▶ _EXERCISE MATERIALS_:
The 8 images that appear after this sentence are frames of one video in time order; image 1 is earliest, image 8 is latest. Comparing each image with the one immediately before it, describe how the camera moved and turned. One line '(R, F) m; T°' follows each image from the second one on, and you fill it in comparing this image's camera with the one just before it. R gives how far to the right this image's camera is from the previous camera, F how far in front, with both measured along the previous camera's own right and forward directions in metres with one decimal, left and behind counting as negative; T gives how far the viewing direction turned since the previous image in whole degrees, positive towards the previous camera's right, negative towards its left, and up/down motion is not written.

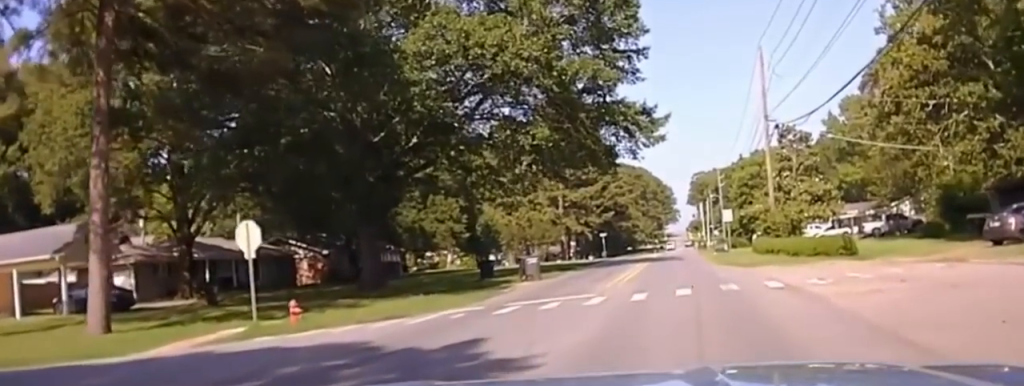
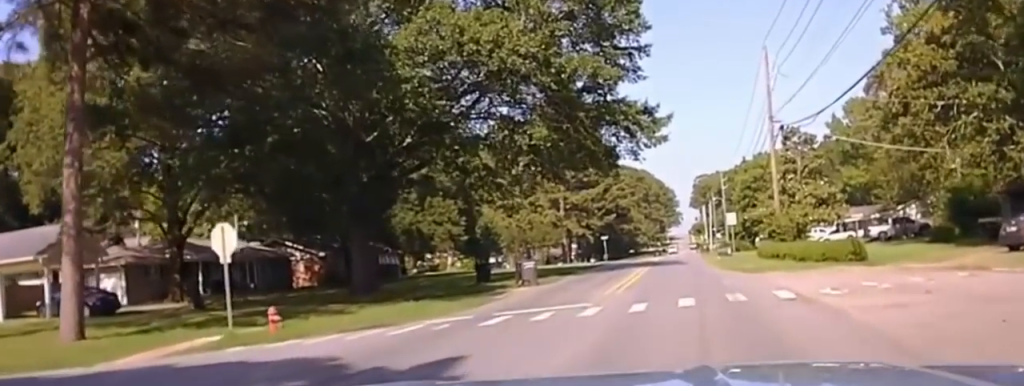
(0.0, +1.6) m; 0°
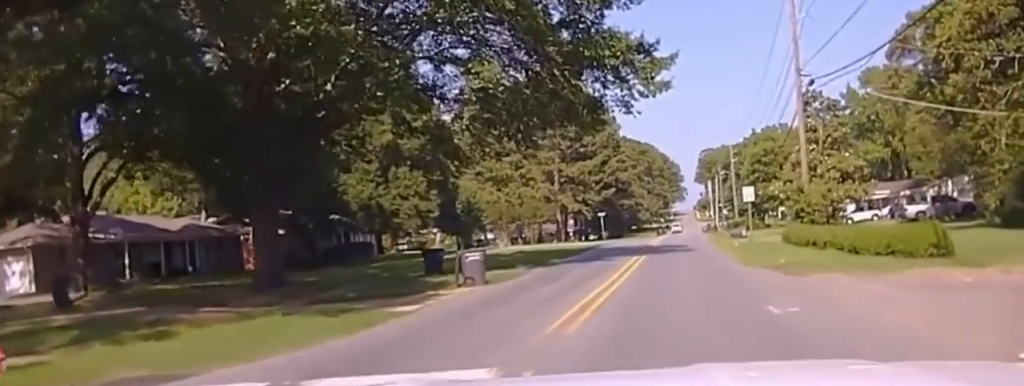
(0.0, +12.5) m; +1°
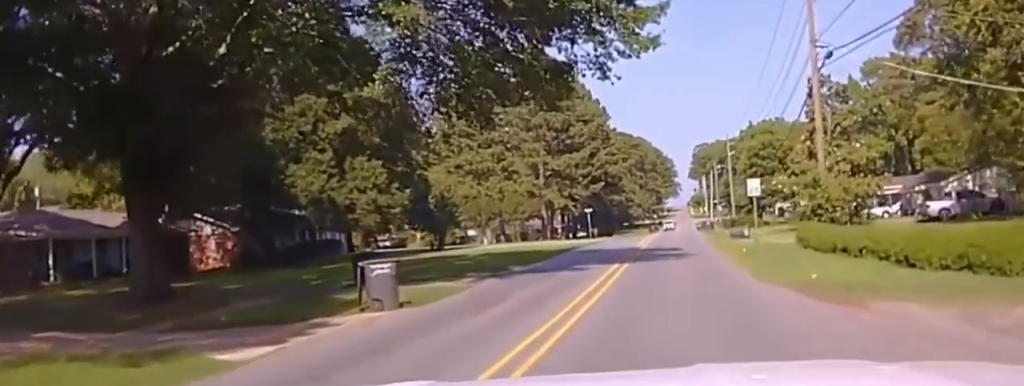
(+0.1, +7.9) m; +1°
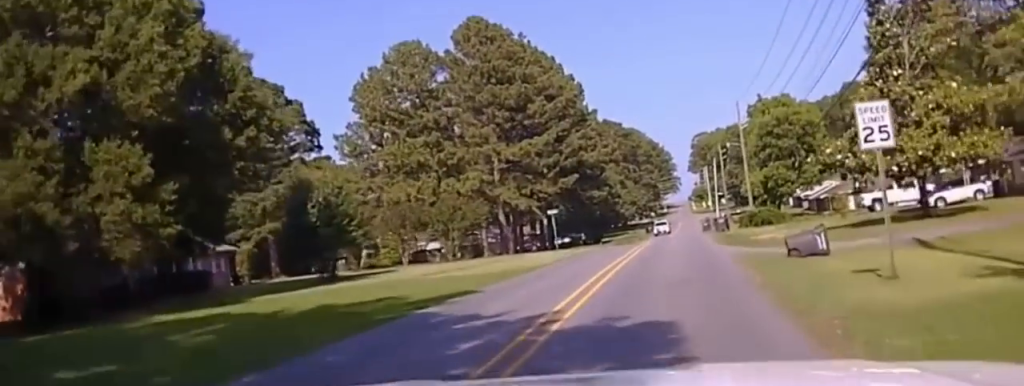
(+0.1, +26.7) m; 0°
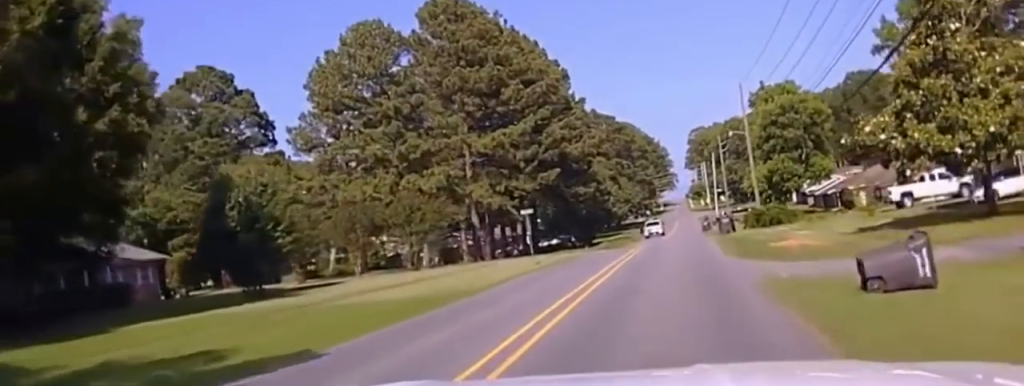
(-0.1, +9.9) m; 0°
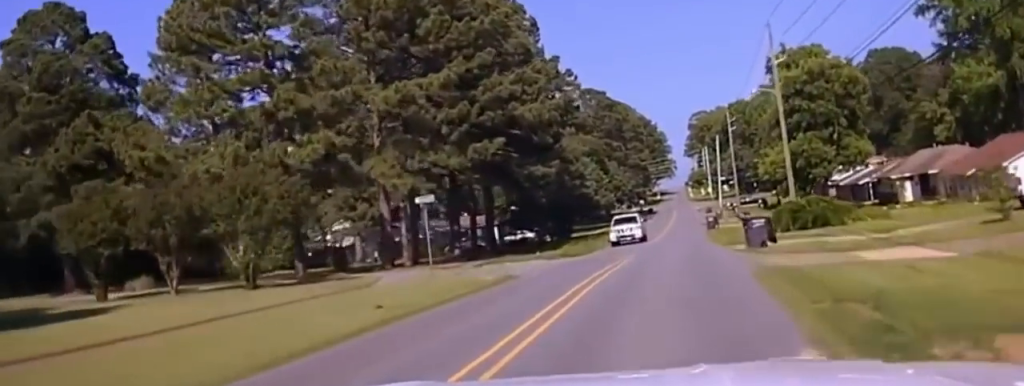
(0.0, +22.7) m; +1°
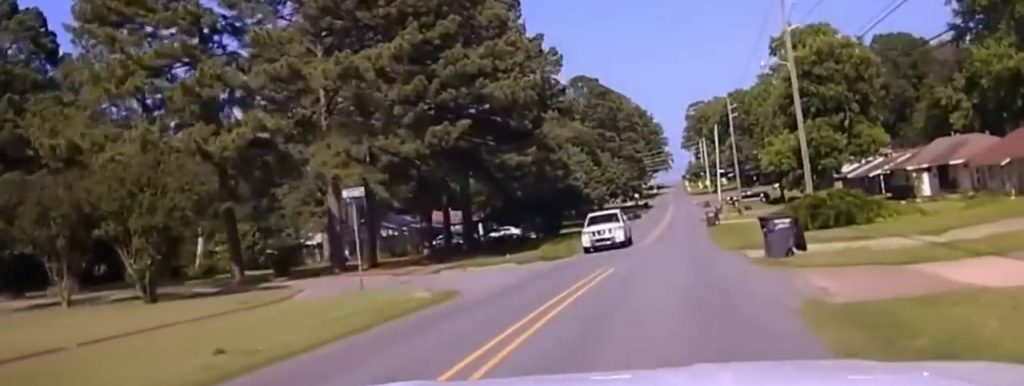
(0.0, +7.3) m; 0°

▶ _DIRECTIONS FOR THIS TASK_: Exclude the pictures and transcribe all of the entries exactly.

▶ _EXERCISE RESULT_:
The 8 images that appear after this sentence are frames of one video in time order; image 1 is earliest, image 8 is latest. Comparing each image with the one immediately before it, describe how the camera moved and turned. One line '(R, F) m; T°' follows each image from the second one on, and you fill it in comparing this image's camera with the one just before it. R gives how far to the right this image's camera is from the previous camera, F how far in front, with both measured along the previous camera's own right and forward directions in metres with one decimal, left and behind counting as negative; T gives how far the viewing direction turned since the previous image in whole degrees, positive towards the previous camera's right, negative towards its left, and up/down motion is not written.

(0.0, +1.6) m; 0°
(0.0, +12.5) m; +1°
(+0.1, +7.9) m; +1°
(+0.1, +26.7) m; 0°
(-0.1, +9.9) m; 0°
(0.0, +22.7) m; +1°
(0.0, +7.3) m; 0°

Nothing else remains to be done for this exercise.